WHAT YOU WILL DO: Show each line of the data below in which "compliance" occurs.

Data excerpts
* * * * *

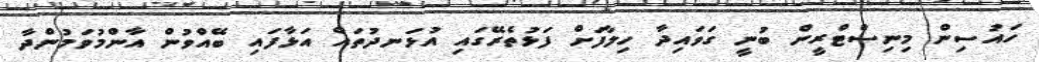
ހައުސިން މިނިސްޓްރީން ބުނީ ގަވައިދާ ހިލާފަށް ފަޅުތެރޭގައި އުޅަނދުތައް އަޅާފައި ބޭއްވުން އާންމުވަމުންދާ
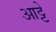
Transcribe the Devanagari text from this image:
आट्टे
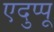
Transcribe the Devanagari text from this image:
एदुप्पू
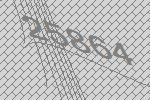
25864
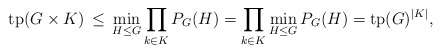
\begin{align*}\mathrm{tp}(G\times K) \,\leq \, \min_{H\leq G} \prod_{k\in K} P_G(H) = \prod_{k\in K} \min_{H\leq G} P_G(H) = \mathrm{tp}(G)^{\vert K\vert},\end{align*}
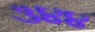
૩૪૪
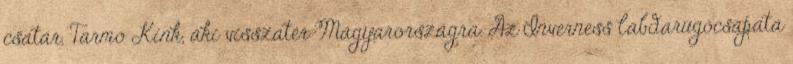
csatár, Tarmo Kink, aki visszatér Magyarországra. Az Inverness labdarúgócsapata
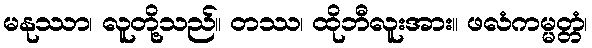
မနုဿာ၊ လူတို့သည်။ တဿ၊ ထိုဘီလူးအား။ ဖလံကမ္မတ္တံ၊
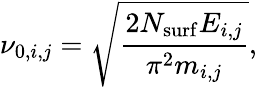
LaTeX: \nu_{0,i,j}=\sqrt{\frac{2N_{\mathrm{surf}}E_{i,j}}{\pi^{2}m_{i,j}}},
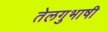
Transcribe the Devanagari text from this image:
तेलगुभाषी
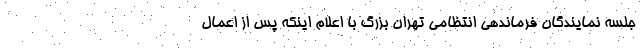
جلسه نمایندگان فرماندهی انتظامی تهران بزرگ با اعلام اینکه پس از اعمال
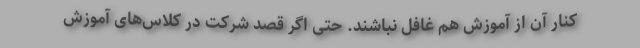
کنار آن از آموزش هم غافل نباشند. حتی اگر قصد شرکت در کلاس‌های آموزش
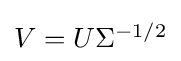
{\textstyle V=U\Sigma ^{-1/2}}
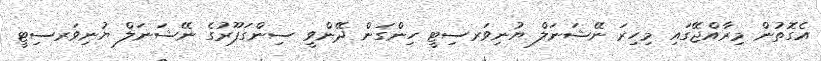
އެގޮތުން މިރާއްޖޭގައި މިިހިރަ ނޭޝަނަލް ޔުނިވަރސިޓީ ހިންގަން ދޭންވީ ސިންގަޕޫރުގެ ނޭޝަނަލް ޔުނިވަރސިޓީ
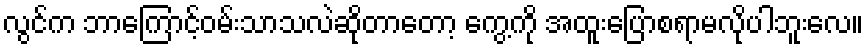
လွင်က ဘာကြောင့်ဝမ်းသာသလဲဆိုတာတော့ ကွေ့ကို အထူးပြောစရာမလိုပါဘူးလေ။
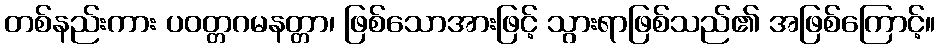
တစ်နည်းကား ပဝတ္တဂမနတ္တာ၊ ဖြစ်သောအားဖြင့် သွားရာဖြစ်သည်၏ အဖြစ်ကြောင့်။
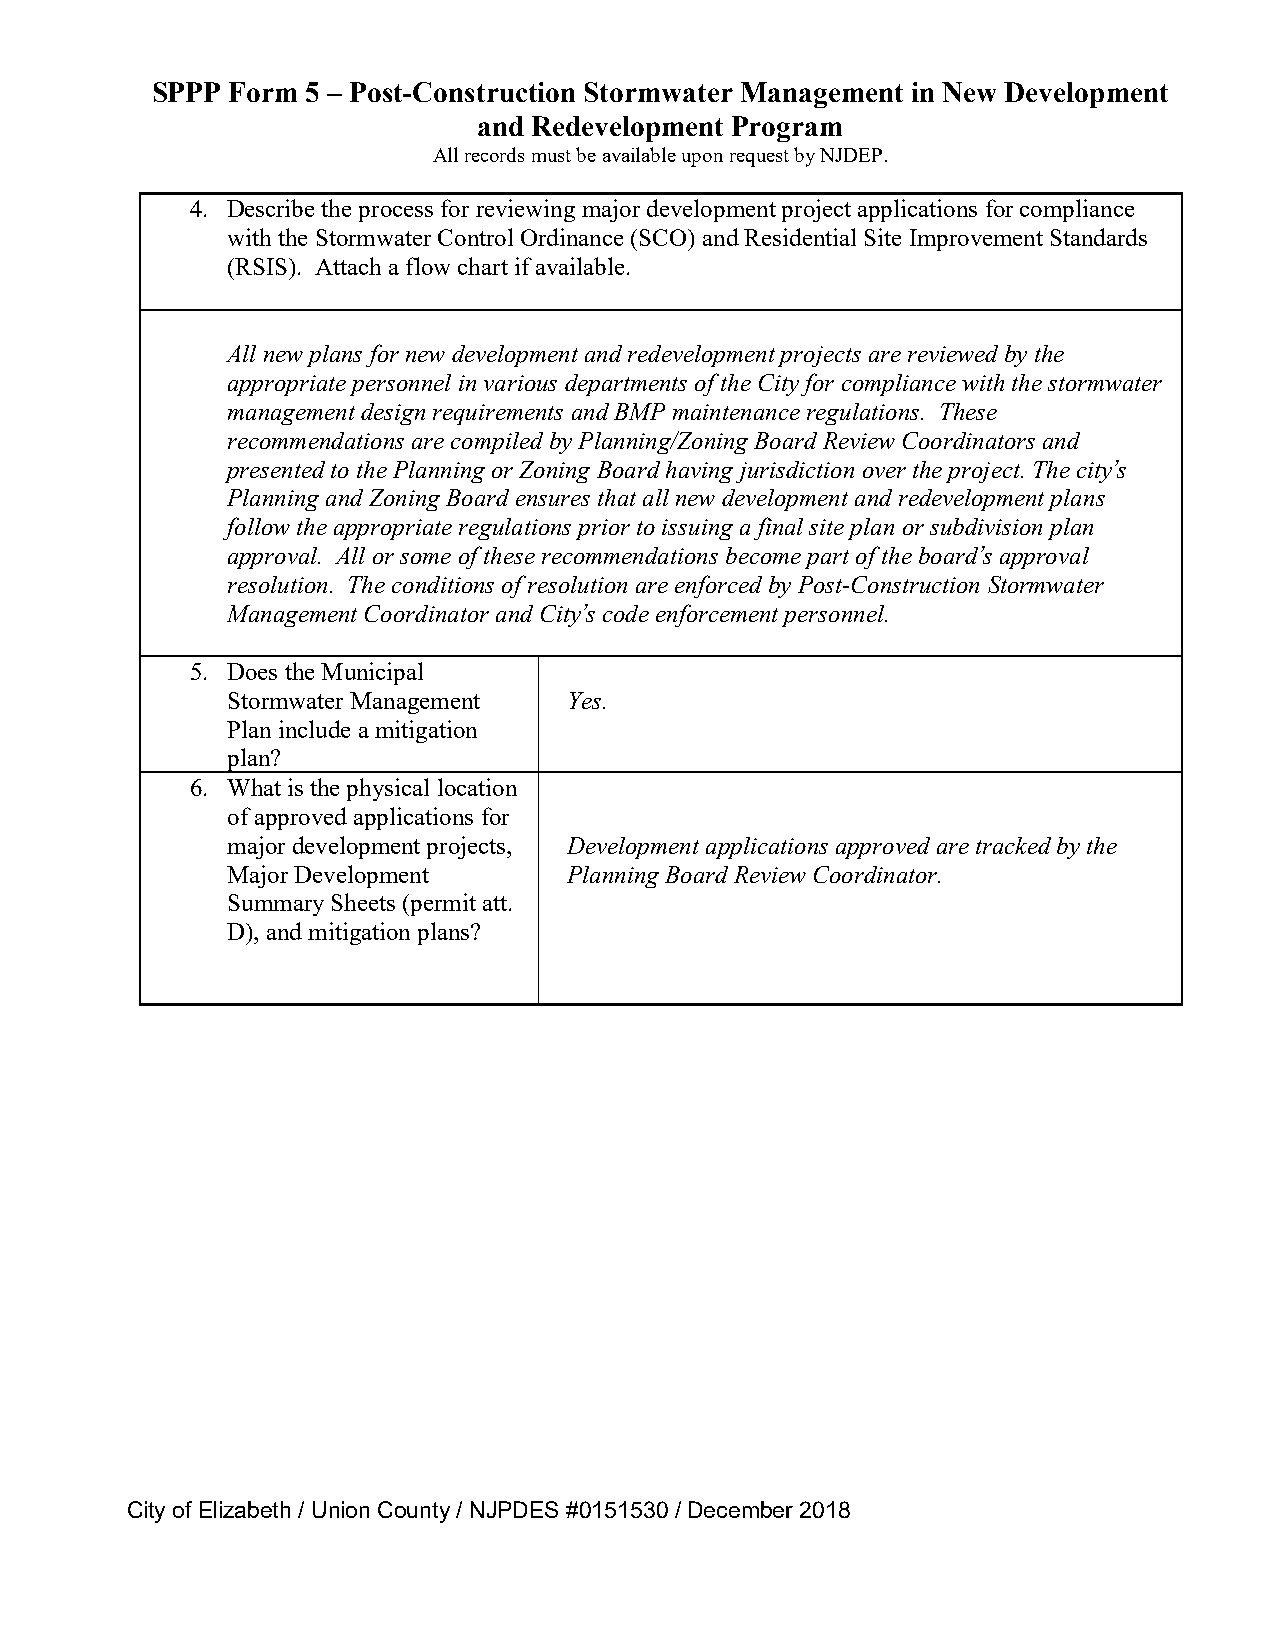
SPPP Form 5 – Post-Construction Stormwater Management in New Development
 and Redevelopment Program
 All records must be available upon request by NJDEP.
 4. Describe the process for reviewing major development project applications for compliance
 with the Stormwater Control Ordinance (SCO) and Residential Site Improvement Standards
 (RSIS). Attach a flow chart if available.
 All new plans for new development and redevelopment projects are reviewed by the
 appropriate personnel in various departments of the City for compliance with the stormwater
 management design requirements and BMP maintenance regulations. These
 recommendations are compiled by Planning/Zoning Board Review Coordinators and
 presented to the Planning or Zoning Board having jurisdiction over the project. The city’s
 Planning and Zoning Board ensures that all new development and redevelopment plans
 follow the appropriate regulations prior to issuing a final site plan or subdivision plan
 approval. All or some of these recommendations become part of the board’s approval
 resolution. The conditions of resolution are enforced by Post-Construction Stormwater
 Management Coordinator and City’s code enforcement personnel.
 5. Does the Municipal
 Stormwater Management  Yes.
 Plan include a mitigation
 plan?
 6. What is the physical location
 of approved applications for
 major development projects, Development applications approved are tracked by the
 Major Development      Planning Board Review Coordinator.
 Summary Sheets (permit att.
 D), and mitigation plans?
 City of Elizabeth / Union County / NJPDES #0151530 / December 2018
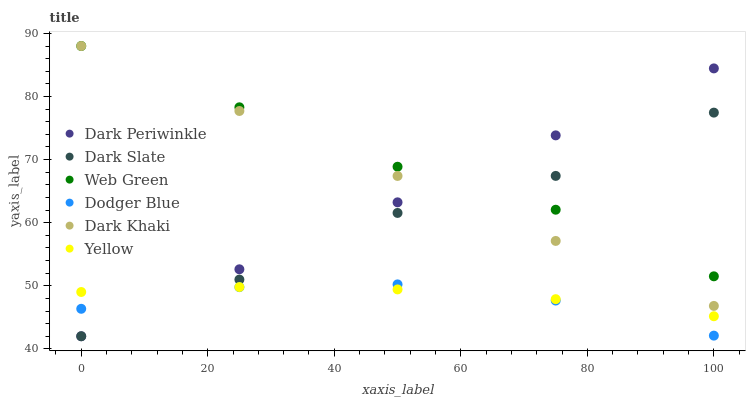
| xaxis_label | Dark Periwinkle | Dark Slate | Web Green | Dodger Blue | Dark Khaki | Yellow |
 | --- | --- | --- | --- | --- | --- | --- |
 | 0 | 42 | 42 | 88 | 46.4 | 88 | 49 |
 | 25 | 52.6 | 51 | 78.3 | 49.8 | 77.7 | 49.8 |
 | 50 | 63.2 | 61.5 | 68.9 | 50.2 | 67.4 | 49.4 |
 | 75 | 73.8 | 67.4 | 62.1 | 47.7 | 57.1 | 47.9 |
 | 100 | 84.5 | 77.4 | 51.5 | 42.1 | 46.8 | 45.2 |
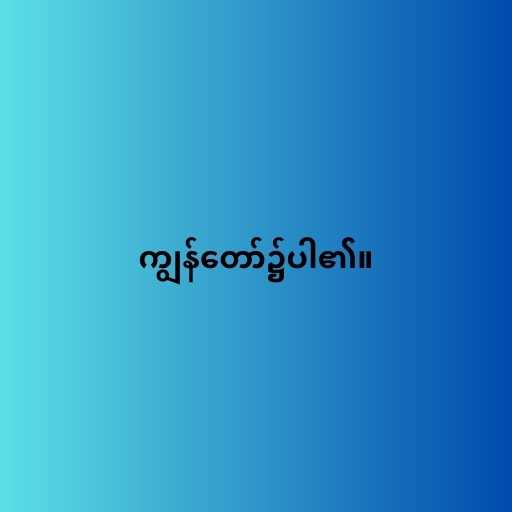
ကျွန်တော်၌ပါ၏။

* * * * *

REPLY:
 4. Describe the process for reviewing major development project applications for compliance
 appropriate personnel in various departments of the City for compliance with the stormwater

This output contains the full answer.